Ohio Valley Jewish Community Prepares For Hanukkah Celebration
It is a coincidence this year that the start of Hanukkah falls on the evening of Christmas Day, but Rabbi Joshua Lief of Temple Shalom considers it a fortuitous coincidence.
For one, he said, it shines a little more of a spotlight on the Jewish holiday during one of the major holidays of the Christian faith. And the message of Hanukkah, he added, is especially appropriate this time of year.
Hanukkah celebrates the victory of the Maccabees over the Seleucids. In 167 B.C., the Seleucids, a Syrian-Greek empire, outlawed Judaism and demanded Jews adopt Greek culture. Three years later, the Jewish revolt against the Seleucid monarchy was successful and the Second Temple in Jerusalem was rededicated.
“They fought back for their freedom not to compel the Greeks to become Jews,” Lief said, “but just for the right to keep being themselves and so, to live in a world that is overwhelmingly Christian.
“It’s a wonderful reminder that the existence of minorities is not a threat to the continued existence of the majority,” he continued.
Lief said that the Jewish community’s fight for the right to be themselves continues to this day in the Middle East, where conflict continues against Hezbollah and Hamas. Even though the Hanukkah narrative took place 2,000 years ago, he said the need for all of society to defend the minority continues to the present day.
“I think that we are judged as people, not on whether we do well for ourselves, our friends and our family,” he said, “but equally so if not more so, on whether we’re kind and gracious and supportive and defensive of those who are the stranger, those who are different than us and whether we treat them with kindness and respect.”
Starting this evening, Temple Shalom will hold celebrations honoring the eight days of Hanukkah and its overall message of bringing light to the darkness.
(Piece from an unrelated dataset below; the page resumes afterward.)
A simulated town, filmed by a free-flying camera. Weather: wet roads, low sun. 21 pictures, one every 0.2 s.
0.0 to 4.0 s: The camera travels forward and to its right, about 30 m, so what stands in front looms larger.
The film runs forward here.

The synagogue’s “Shalom” menorah light display will shine from in front of Temple Shalom as a welcome to those driving to Oglebay Park’s Festival of Lights. There will be a Hanukkah celebration and dinner starting at 6 p.m. Friday at Temple Shalom.
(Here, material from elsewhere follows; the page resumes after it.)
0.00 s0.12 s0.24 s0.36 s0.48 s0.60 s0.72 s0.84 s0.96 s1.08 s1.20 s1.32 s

There will be a special service with music and other festivities Friday, as congregants all will light their menorahs together. The dinner will follow.
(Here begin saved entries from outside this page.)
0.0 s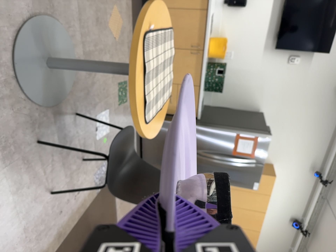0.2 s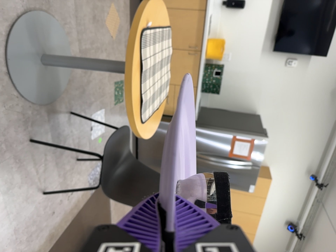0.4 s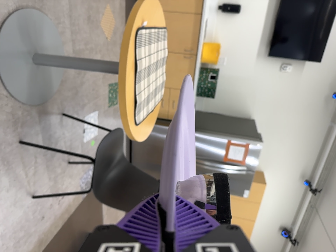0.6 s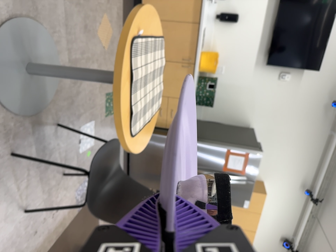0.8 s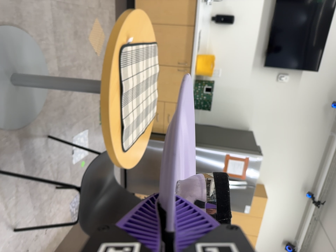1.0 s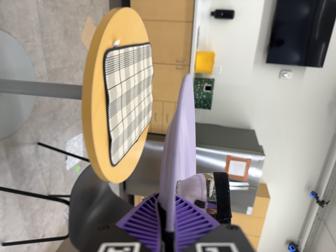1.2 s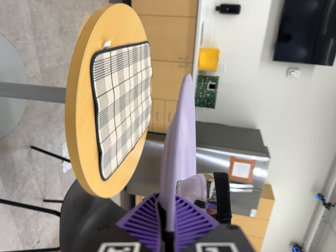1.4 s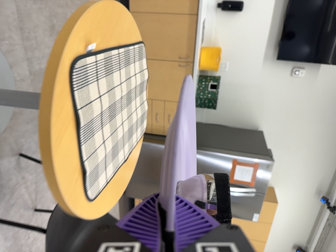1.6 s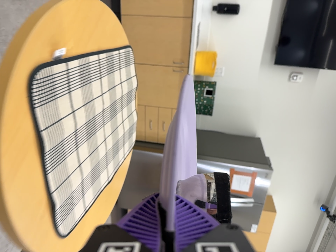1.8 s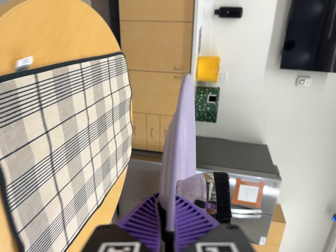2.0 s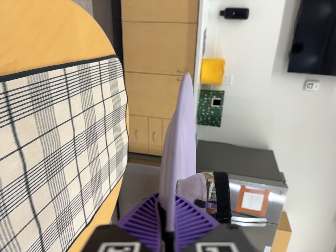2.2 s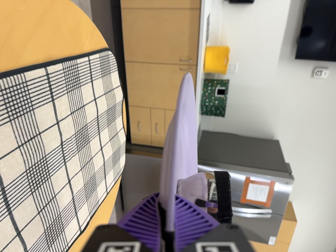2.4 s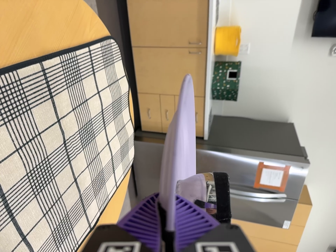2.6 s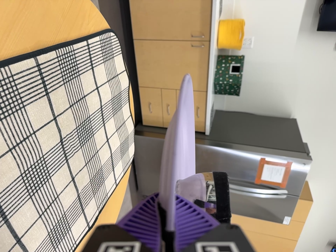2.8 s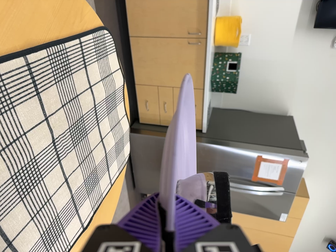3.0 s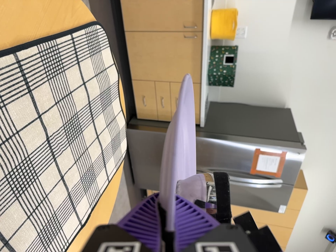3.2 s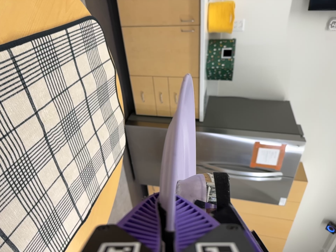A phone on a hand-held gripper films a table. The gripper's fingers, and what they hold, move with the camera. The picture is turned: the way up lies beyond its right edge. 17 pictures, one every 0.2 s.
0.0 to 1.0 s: The camera travels forward, about 32 cm, so what stands in front looms larger.
1.0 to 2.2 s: The camera travels forward and toward the top of its view, about 60 cm, so what stands in front looms larger.
2.2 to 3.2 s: The camera travels forward, about 9 cm, so what stands in front looms larger. Its aim tips toward the bottom of its view by about 10 degrees.
The film runs forward here.
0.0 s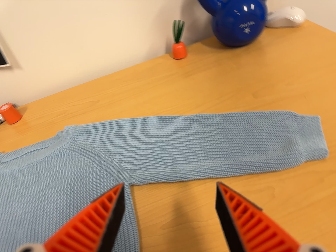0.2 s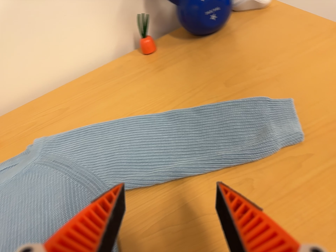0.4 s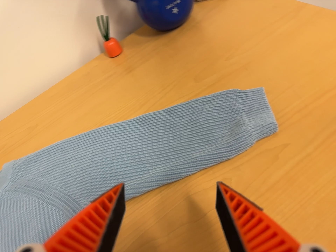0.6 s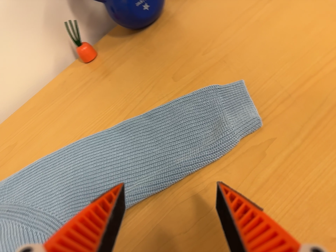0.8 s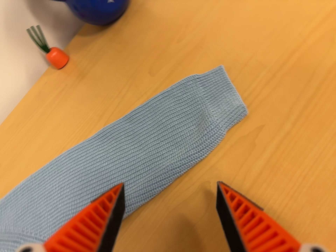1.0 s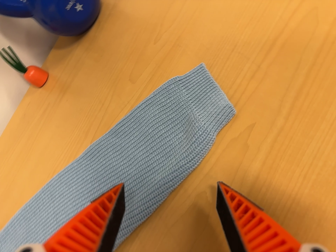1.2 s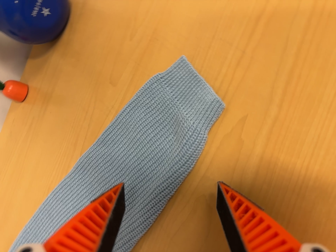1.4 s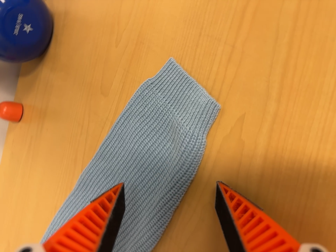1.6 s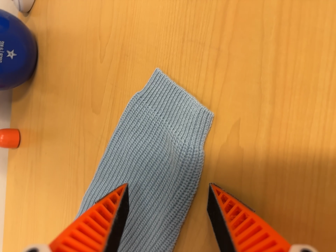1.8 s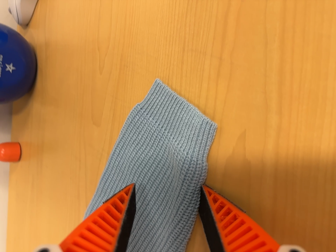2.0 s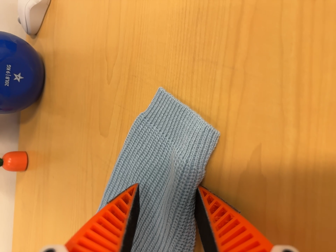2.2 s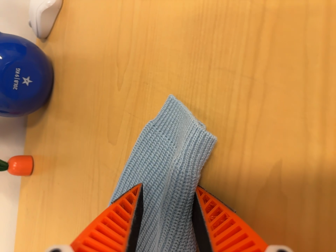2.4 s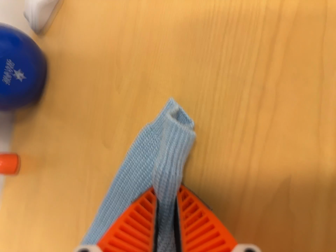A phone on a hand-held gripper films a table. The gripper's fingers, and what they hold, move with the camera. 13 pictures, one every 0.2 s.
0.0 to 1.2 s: The camera travels to its right, forward and toward the top of its view, about 20 cm, so close, fixed things drift to the left. Its aim tips toward the bottom of its view by about 10 degrees. It rolls about its line of sight by about 50 degrees, and the scene rotates counterclockwise.
1.2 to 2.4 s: The camera travels forward and toward the top of its view, about 8 cm, so what stands in front looms larger. It rolls about its line of sight by about 10 degrees, and the scene rotates counterclockwise.
The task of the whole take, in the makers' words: right arm across.
The film runs forward here.

While Lief said there are holidays on the Jewish calendar that carry more theological significance than Hanukkah, like Yom Kippur and Rosh Hashanah, the message of Hanukkah has become very significant in the present day. And as the center of the Jewish faith in the Ohio Valley, Temple Shalom is proud to be the gathering place for the region’s Jewish community to celebrate the season.
“We live as a tiny minority amid the vast sea of majority who are not us,” he said. “This is a time of year where we can feel a particular sense of pride in who we are, even as a small group, and also wish our friends and neighbors a very meaningful and happy holiday for their celebration as well.”